Primary Feature 3.2 Text Input Acceleration
The system predicts and suggests words following previous words typed by the user. The user can confirm the suggesting words to speed up the input process by pressing the “tab” button on the keyboard.

text input acceleration
The user can confirm the suggesting words to speed up the input process by pressing the “tab” button on the keyboard.
Primary Feature 4 Dynamic Presentation of Text
Dynamic Presentation highlights important information in transcript and text input to emphasize the importance of certain information. The system detects and highlights the following information in transcript and text input.
Content and highlight style of information that is highlighted by the system.
Content and highlight style of information that is highlighted by the system.
dynamic presentation
The system detects and highlights the following information in transcript and text input.

User Testing

We conducted the high-fidelity prototyping user testing on our design with two expert users. Considered the time limit for each testing, we decided to have our expert users complete three primary tasks along with a few small tasks focusing on the main features of our design. The three primary tasks include joining an online meeting space on our system to view the real-time transcript of a lecture, participating in a small group discussion by typing or speaking and editing text or speech input, and reviewing previous transcript
on the system. Both our experts were able to finish all three tasks in spite of some difficulties in understanding some parts of the user interface.

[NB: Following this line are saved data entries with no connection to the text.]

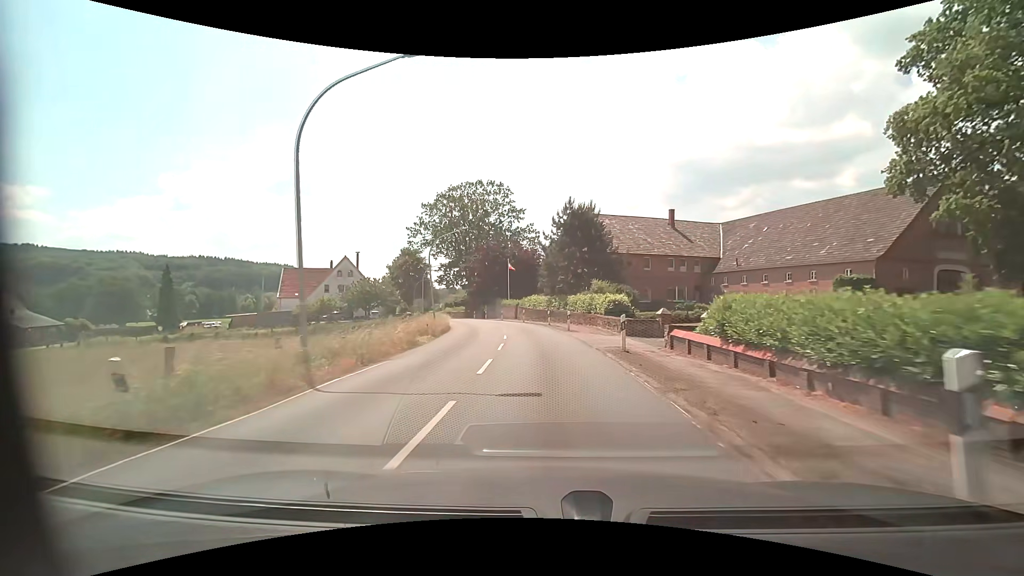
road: secondary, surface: asphalt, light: Day
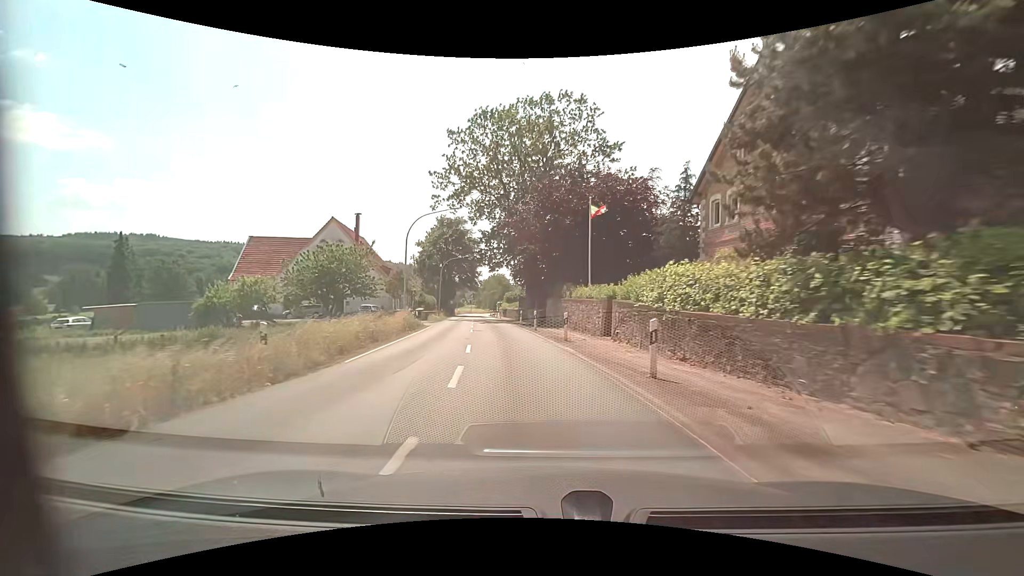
(-1.9, +36.8) m; -9°
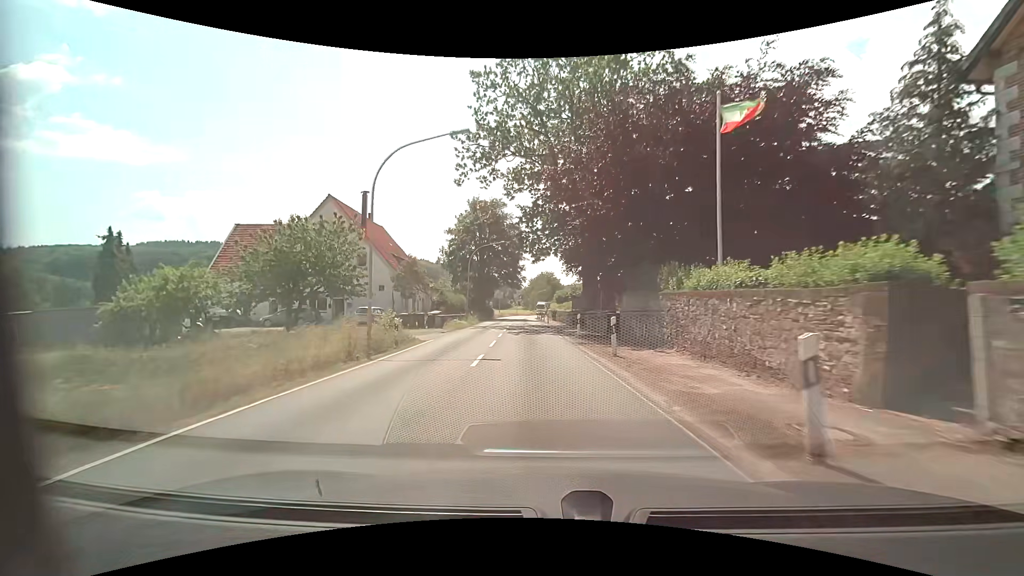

We received positive feedback on the prototype, especially the dynamic presentation and identification of speaker features. Our expert users also provided feedback on the user interface components to make information more readable. It was also mentioned that the system can also be a good tool for online meetings and discussions.

Due to the functional limit of the prototyping tool we used, we were not able to create the effect of real-time transcription on our prototype. We could instead only display the whole sentence on a different screen once we gave the instruction to our expert user.
hi-fi user test
We conducted user testings with two expert users.

Deliverable

A design specification for communicating our design with developers was created at the end of this project. The specification provides detailed information about our design idea, decisions, process, and key design details with rationale.

REFLECTION

Design of Clarity

Reviewing the design process of Clarity this semester, I believe our design has come a long way. Our design idea is based on state-of-the-art technology, making it more realistic and practical. We also paid attention to the social accessibility of our design by drawing as little attention from people around our users as possible. While the primary features of our design remained almost the same throughout the semester, we kept refining our design based on results of user testing. Results of the user testings revealed that our design is able to address most of the user needs we originally identified in needs assessment.

Accessibility

Regarding my perspectives on accessibility, I feel more comfortable and confident to work with people with diverse abilities since the first meeting with our expert user. Similar to any relationships with people, it is important to be patient and considerate when interacting with people with diverse abilities.